Differential expression of type 2 3α/type 5 17β-hydroxysteroid dehydrogenase (AKR1C3) in tumors of the central nervous system.

Int J Clin Exp Pathol 2010 Mar 25;3(8):743-54. Epub 2010 Mar 25.

College of Medicine, University of Oklahoma Health Sciences Center, Oklahoma City, OK 73104, USA.
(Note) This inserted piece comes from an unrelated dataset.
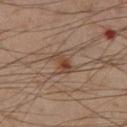The lesion was photographed on a routine skin check and not biopsied; there is no pathology result. The subject is a male about 55 years old. A lesion tile, about 15 mm wide, cut from a 3D total-body photograph. Captured under cross-polarized illumination. Located on the left thigh. An algorithmic analysis of the crop reported an area of roughly 4.5 mm², an outline eccentricity of about 0.85 (0 = round, 1 = elongated), and a symmetry-axis asymmetry near 0.3. And it measured a lesion–skin lightness drop of about 9 and a lesion-to-skin contrast of about 7.5 (normalized; higher = more distinct). The software also gave a border-irregularity rating of about 3/10, a within-lesion color-variation index near 6.5/10, and peripheral color asymmetry of about 2.5. And it measured an automated nevus-likeness rating near 60 out of 100 and lesion-presence confidence of about 100/100. Measured at roughly 3 mm in maximum diameter.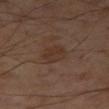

Human aldo-keto reductase (AKR) 1C3, type 2 3α-hydroxysteroid dehydrogenase (HSC)/ type 5 17β-HSD, is known to be involved in steroids, prostaglandins, and lipid aldehydes metabolism. The expression of AKR1C3 has been demonstrated in hormone-dependent normal tissues such as breast, endometrium, prostate, and testis; and de -regulated AKR1C3 expression has been shown in breast carcinoma, endometrial hyperplasia, endometrial carcinoma, and prostate carcinoma. AKR1C3 expression has also been demonstrated in hormone-independent normal tissues (renal tubules and urothelium) and neoplastic tissues (renal cell carcinoma, Wilm's tumor, and urothelial cell carcinoma). Extensive expression of AKR1C3 in normal and neoplastic as well as hormone-dependent and hormone-independent tissues indicates that AKR1C3 may have functions beyond steroid hormone metabolism. In this report, we describe a widespread expression of AKR1C3 in glial neoplasms and meningiomas, with limited expression in medulloblastoma and no expression in Schwannoma. These tumors, except meningioma, are not classically considered to be sex hormone-dependent or related brain tumors. The current results corroborate our earlier observations that AKR1C3 is expressed in both sex hormone-dependent and hormone-independent malignancies. Similar to AKR1C3 distribution in Wilm's tumor, we also demonstrate that expression of AKR1C3 is reduced in tumors with embryonic phenotypes.